"…Shall We Not Revenge?"

If one wants to understand what the Palestinians did on election day, one has to see the film "Paradise Now", which has been nominated for an Oscar for the best foreign film, after collecting several prestigious international prizes. It explains better than a million words.

Its makers – the screen-writer-cum-director, Hani Abu-As’ad from Nazareth, and the actors, are Palestinians. (Amir Harel, one of the producers, is a Jewish Israeli.)

The two main characters, Sa’id and Khaled, are suicide bombers. The film addresses a question that is troubling everyone in Israel, and perhaps throughout the world: Why do they do it? What makes a person get up in the morning and decide to blow himself up in the middle of a crowd of people in Jerusalem or Tel-Aviv? And some of the people also ask: Who are they? What is their background? How did they come to be like that?

Today, a long time after it was made, the film also answers another question: Why did the great majority of the Palestinians elect the very group that sent these people to blow themselves up?
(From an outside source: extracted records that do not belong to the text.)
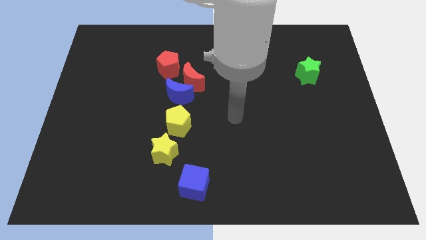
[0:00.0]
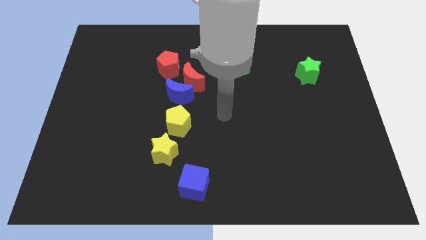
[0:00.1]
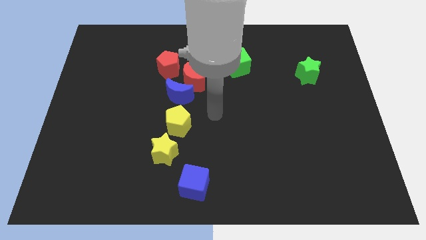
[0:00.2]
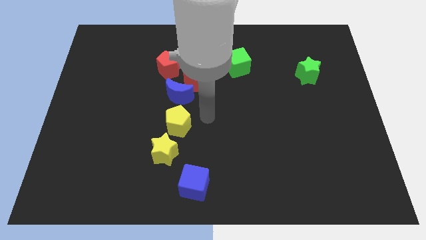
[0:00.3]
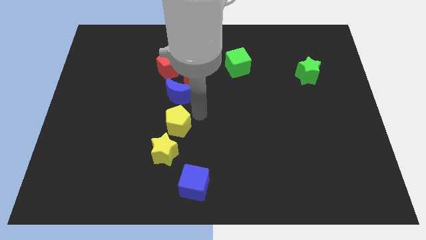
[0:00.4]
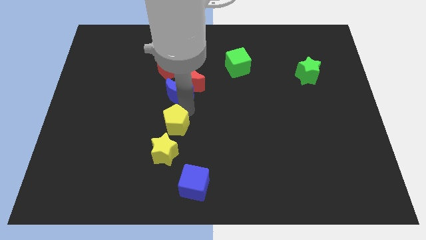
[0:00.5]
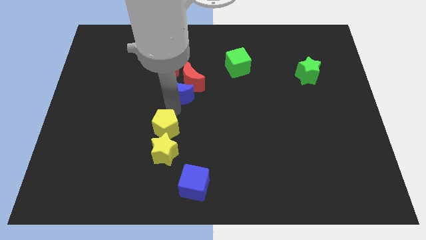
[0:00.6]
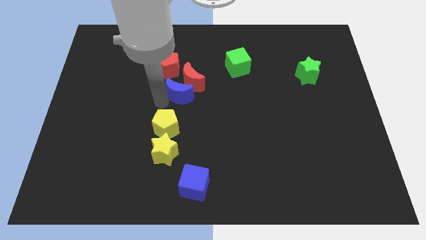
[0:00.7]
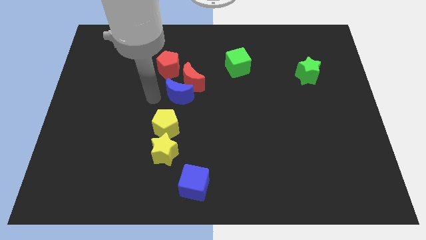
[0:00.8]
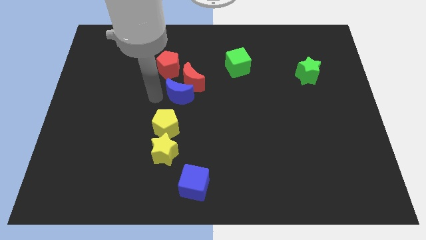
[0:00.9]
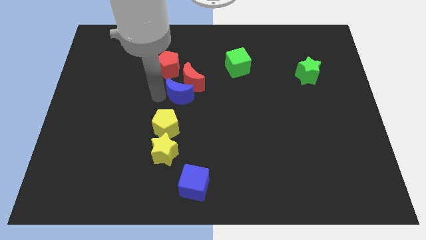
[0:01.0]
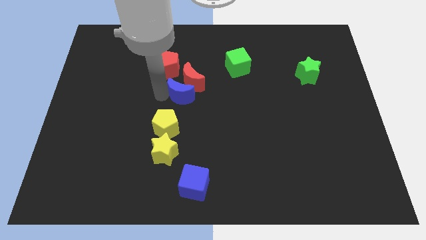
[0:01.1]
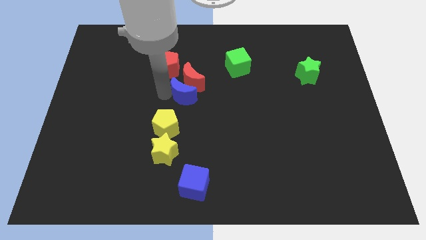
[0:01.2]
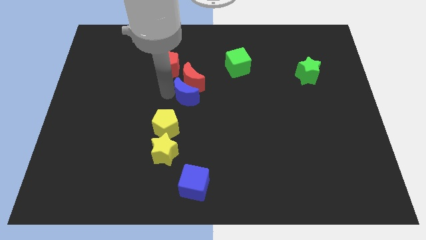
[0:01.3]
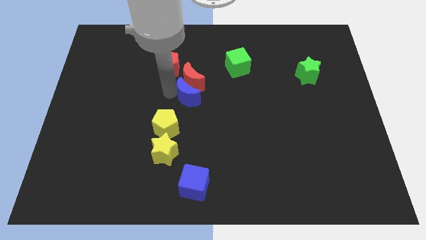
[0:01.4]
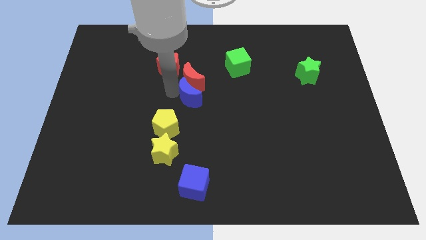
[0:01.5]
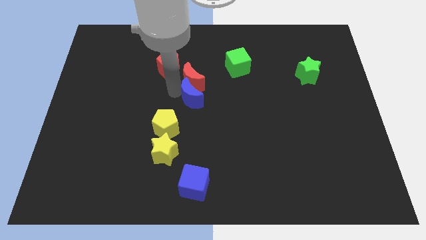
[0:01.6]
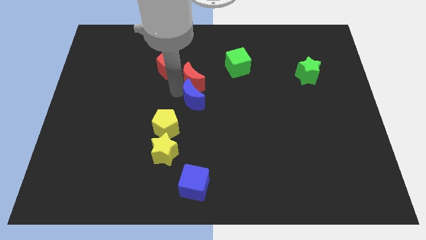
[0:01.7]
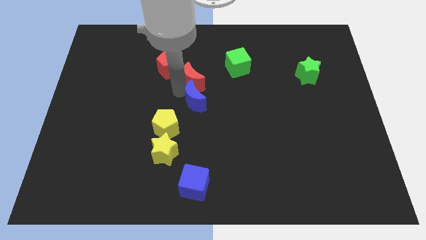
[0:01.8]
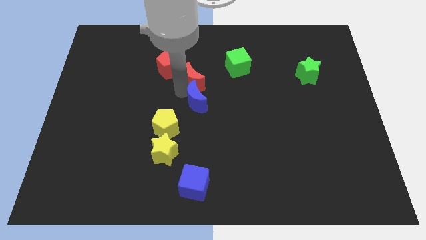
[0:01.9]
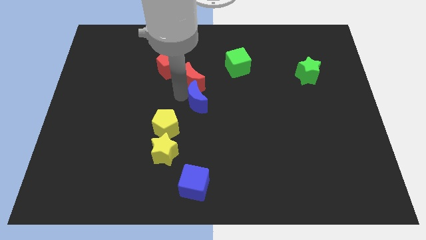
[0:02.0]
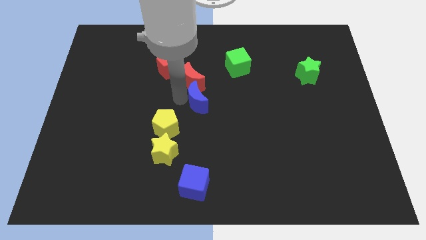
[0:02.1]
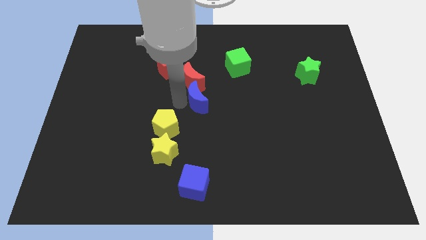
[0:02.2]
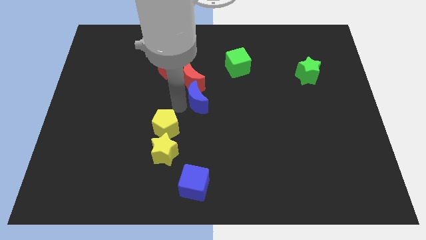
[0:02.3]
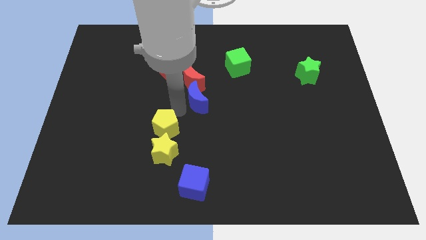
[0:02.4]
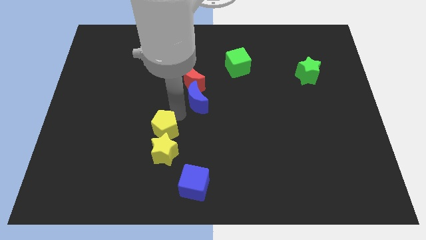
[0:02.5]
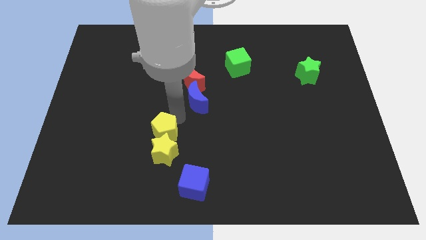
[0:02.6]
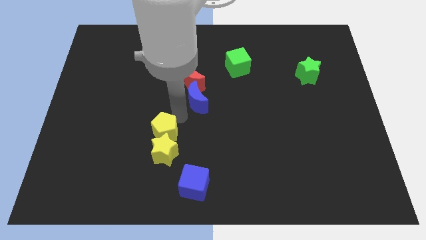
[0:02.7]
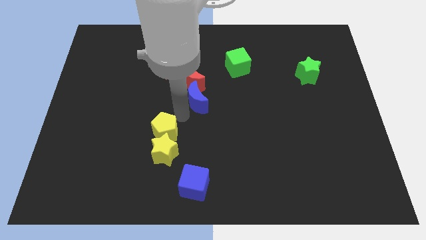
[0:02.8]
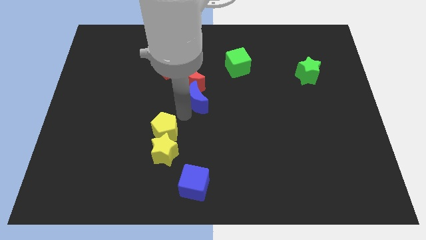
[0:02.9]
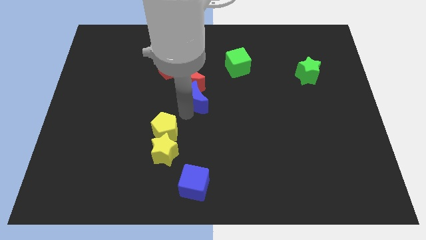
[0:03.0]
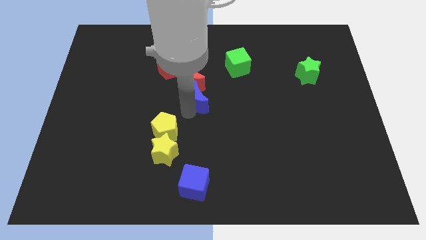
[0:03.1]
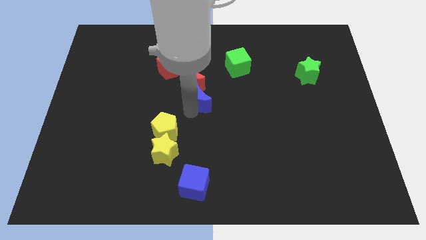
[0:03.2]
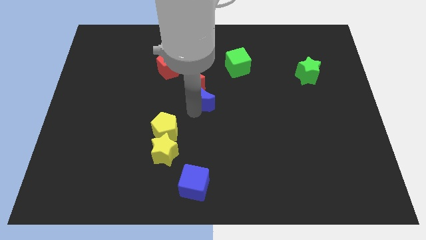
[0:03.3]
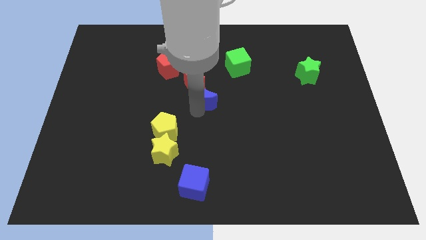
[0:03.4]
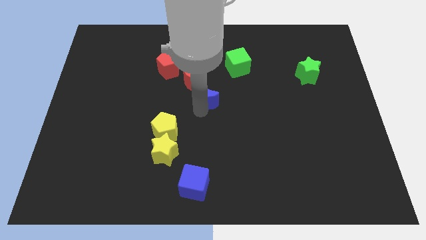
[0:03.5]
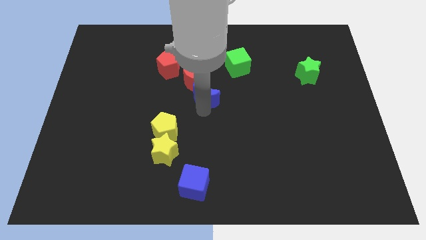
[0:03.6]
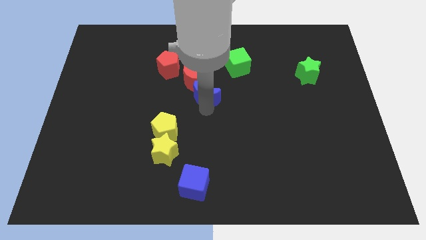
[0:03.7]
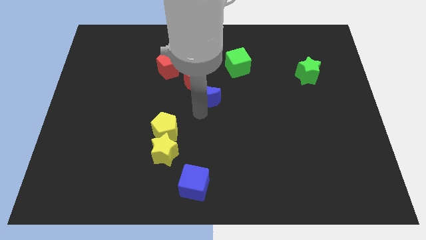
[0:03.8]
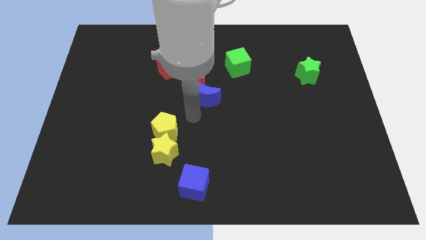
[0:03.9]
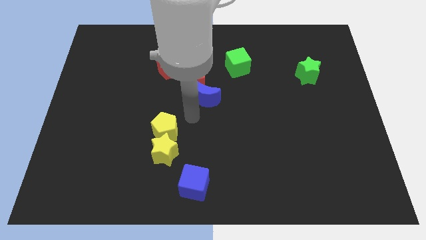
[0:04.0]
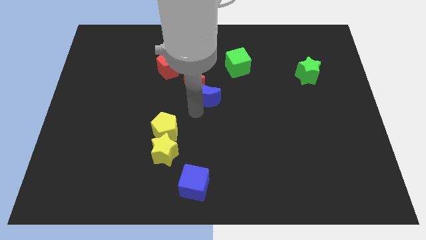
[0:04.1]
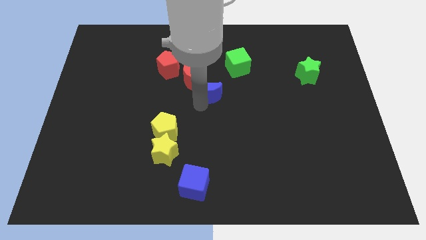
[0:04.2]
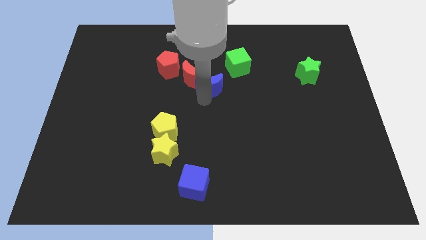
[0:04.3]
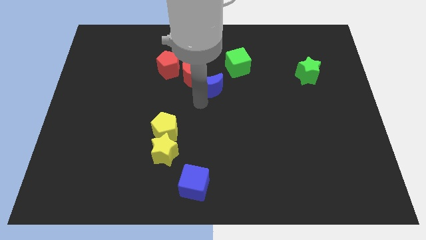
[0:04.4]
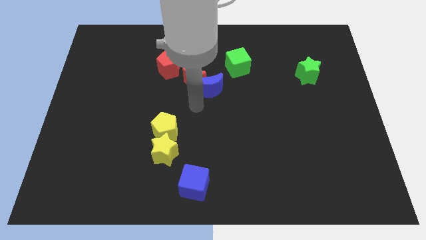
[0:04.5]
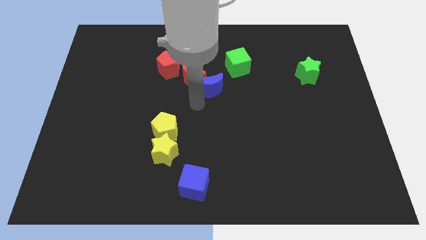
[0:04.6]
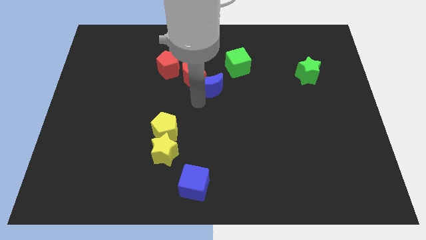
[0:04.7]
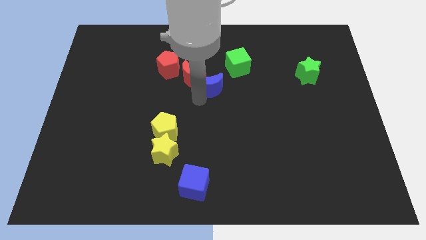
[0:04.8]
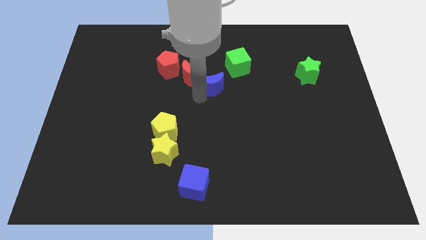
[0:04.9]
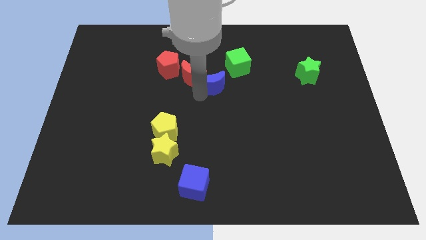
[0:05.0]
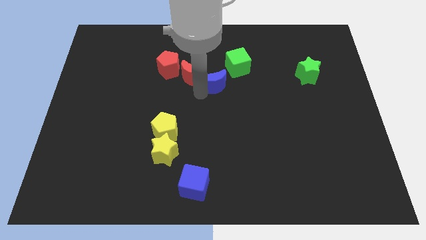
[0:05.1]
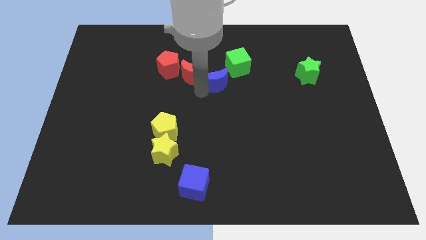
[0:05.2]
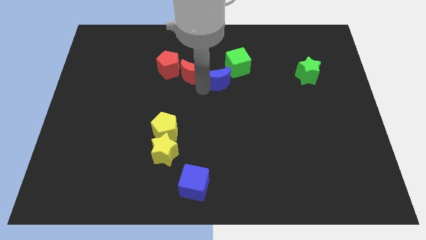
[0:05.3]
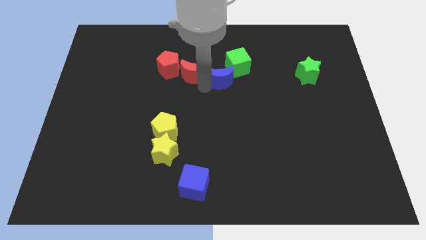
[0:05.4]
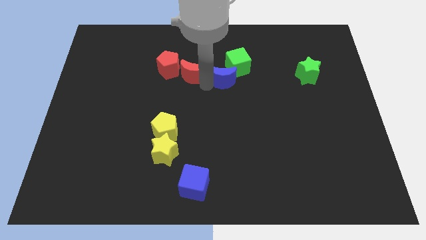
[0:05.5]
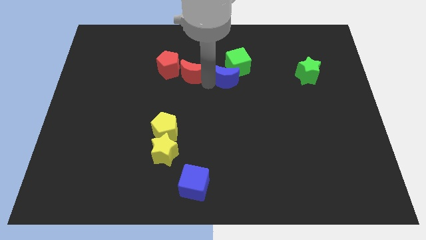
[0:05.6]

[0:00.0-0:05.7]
move the blue moon towards the green cube

The film answers these questions. Not with slogans, not with propaganda speeches, nor with an academic report. It does not preach, praise or get mad. It tells a story. The story says everything. And since not many Israelis are going to see it, I permit myself to do what is generally not being done: to tell the story of the film until almost the end.

THE OPENING scene creates the atmosphere: Suha, a beautiful young Palestinian woman of good family, brought up in France, approaches a checkpoint, one of the innumerable roadblocks that dot the West Bank landscape. She faces an intimidating soldier, a mustached face under a steel helmet, in a bullet-proof vest. Their eyes meet. He does not talk. He measures her up and down, down and up. He checks her bag, slowly, slowly. His eyes do not leave her eyes.

When he finishes, he returns her documents to her – almost. When she tries to take them, he raises his hand. Let her make an effort. In the end, without a word, he orders her with a movement of his head to move on.

Just a few minutes – minutes in which total humiliation, mutual fear and hatred flow together. The viewer feels that the woman is on the point of blowing herself up. But nothing happens. She moves on.

-¦Two young men, in their early 20s, in Nablus, the central town of the northern West Bank. Practically unemployed, like almost all the young men in Nablus. They have no future. No hopes. Not even dreams. They can do nothing to help their destitute families. They live at the bottom, in a mixture of boredom, frustration, despair. Even the cup of tea that a servile but stubborn boy sells them for 20 cents is cold.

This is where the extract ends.